Satur-ruptus

The past week has been incredibly busy with work away from the shop. I’ve been organizing a conference and running around trying to figure out how to channel a whole lot of powerful people with opposing agendas into a productive dialogue while not ticking anyone off, and between one thing and another, let’s just say I was REALLY looking forward to getting my head down Saturday and puttering amongst the bookshelves.

Books may have personalities and after-the-shop-closes lives, but they tend to enjoy revealing truth rather than obfuscating it. A leisurely Saturday morning coffee, followed by stacking and straightening and stocking and shelving, and for dessert, some serious contemplation of how to divide Finance, Gender Studies and the –ologies into Self-help/Career and Everything Else…ah, bliss.

When I got home and told Jack of my heart’s desire, a funny look crossed his face. “Well, you’ll have plenty of fodder to work with,” he said. “We got in a few donations while you were away.”

books in shopbooks on porchTo paraphrase Scotland’s national bard, the best-laid plans of mice and board directors and bookslingers gang aft agley (go skittering sideways). Put another way, be careful what you wish for. Inner peace,  here I come.

His White, Square Heart

My 71-year-old husband built me a downstairs office. From a musty dugout basement lined with concrete he created white walls and a safe ceiling (no asbestos) plus a floor made of durable earth-friendly wood and windows that let in all the light a basement can get. He used bright-white materials so the light would be stronger.

He left the central wall’s original brickwork, even though he didn’t like it much, because he knows I think brickwork is cool and funky. He removed all the spiders he found because he has seen me run, shrieking in terror, from Daddy Long Legs.

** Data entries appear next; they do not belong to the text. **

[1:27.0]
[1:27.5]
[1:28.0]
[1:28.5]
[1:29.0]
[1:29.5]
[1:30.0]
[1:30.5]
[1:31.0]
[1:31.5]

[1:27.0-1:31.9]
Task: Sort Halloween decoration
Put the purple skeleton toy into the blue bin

It took him three months and something well above a thousand dollars, and he did it all himself—except when he had to determine which wires were live, which dead, running over the copper water pipes. For that he called in our friend X, a covert plumber here in town masquerading as a mine safety engineer. (X must not be outed; there aren’t many plumbers around here and his golf weekends would be crushed.)

Jack sealed cracks and underpinned flooring and shaved off door edges and cut special angles to cover protruding pipes. My husband did all that for me, because he wanted me to have a cozy space that I could call my own. Upstairs on the second floor, our private home is full of mind-grabbing, endless chores, while the bookstore is replete with people and noise and sales and inventory–not that we don’t like those things. They are the heartbeat of the bookstore.

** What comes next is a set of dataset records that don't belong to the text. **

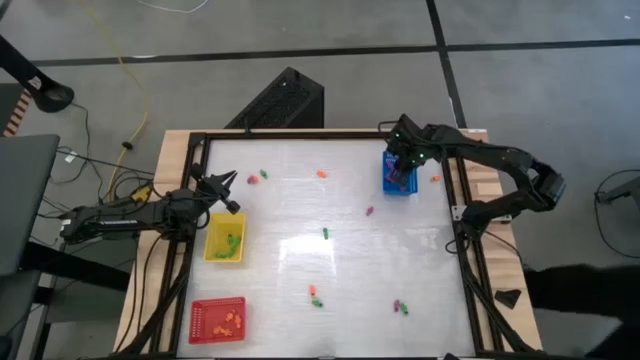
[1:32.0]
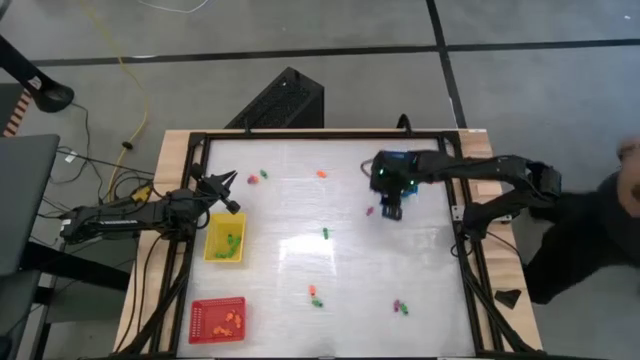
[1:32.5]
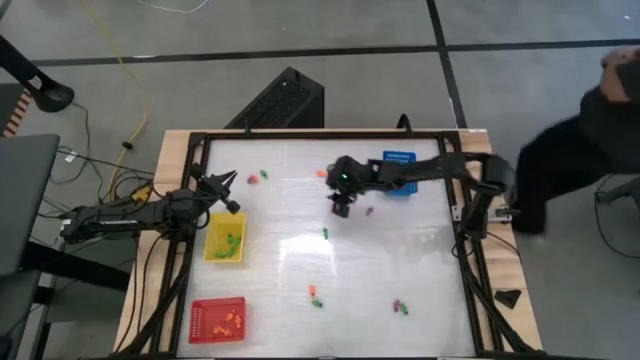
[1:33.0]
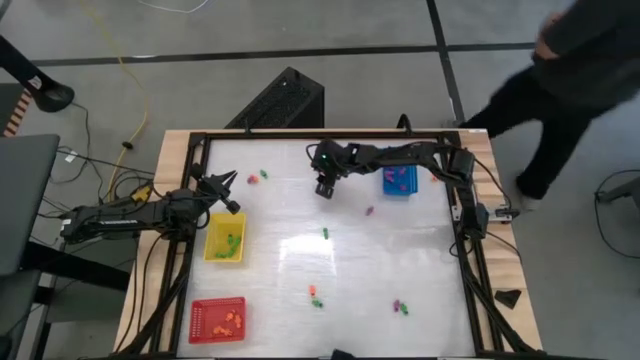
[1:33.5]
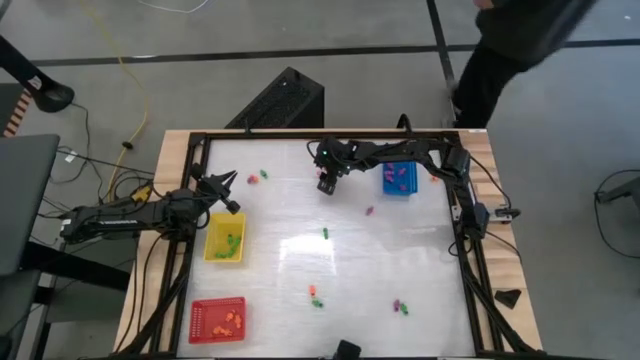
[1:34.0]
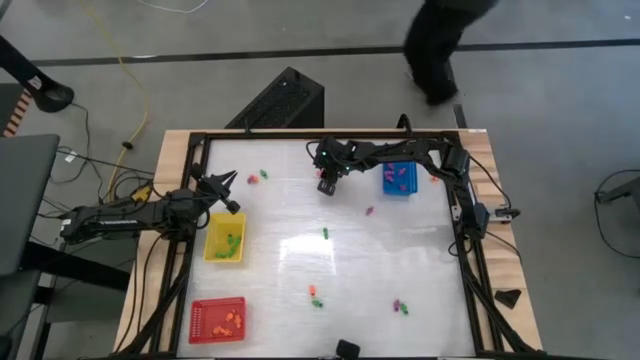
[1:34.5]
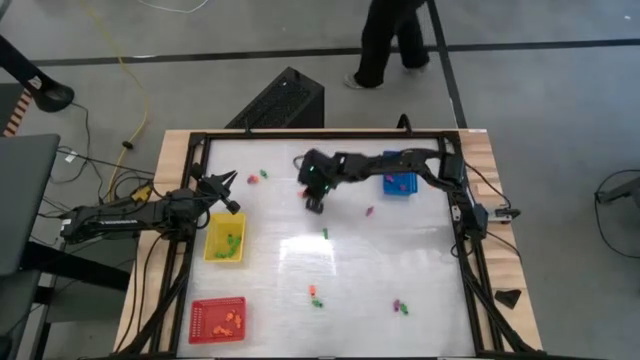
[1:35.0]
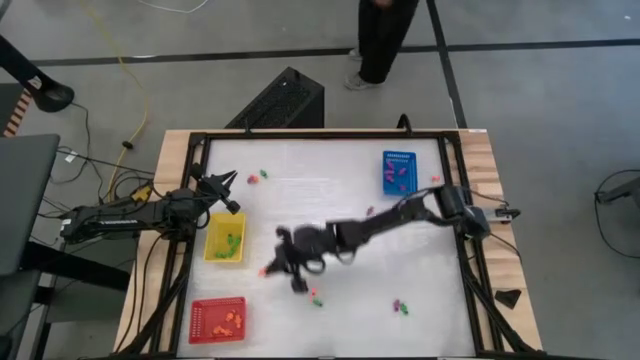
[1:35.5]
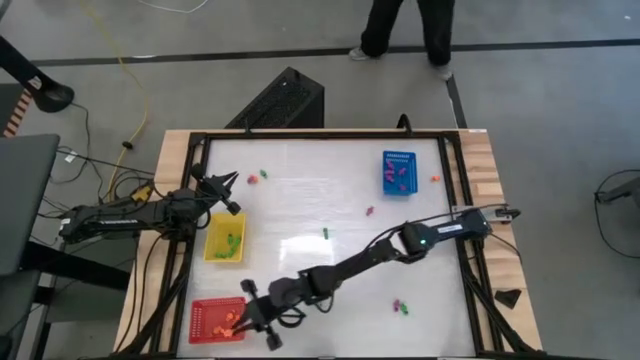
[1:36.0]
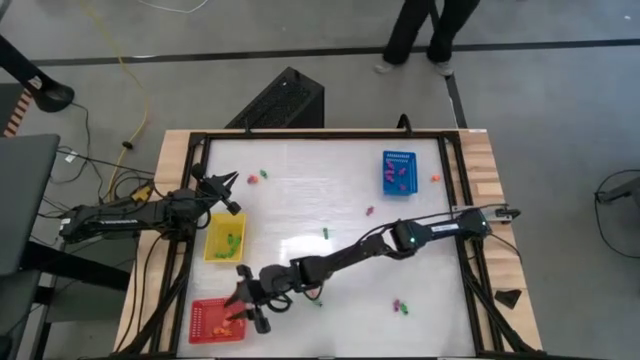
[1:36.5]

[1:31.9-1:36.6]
Put the orange skeleton toy into the red bin

But downstairs, with a comfy chair from a thrift store and a mantelpiece donated by a friend and an electric fire Jack hunted down on clearance, there’s a different kind of heartbeat. A quiet one. A steady one. An enduring one.

Jack said, out of the blue the other day as we doctored our respective morning coffees, “I built that space for you as comfortably and as carefully as I could, so you would have it forever.”

“I know,” I said, and kissed him on the cheek.

There are things couples don’t say, and then there are things couples don’t use words to say. When I sit downstairs in the white space that my husband’s hands created for me, I know, and he knows I know, that I’m sitting inside his heart. Cozy and warm, underpinning everything, letting the light in.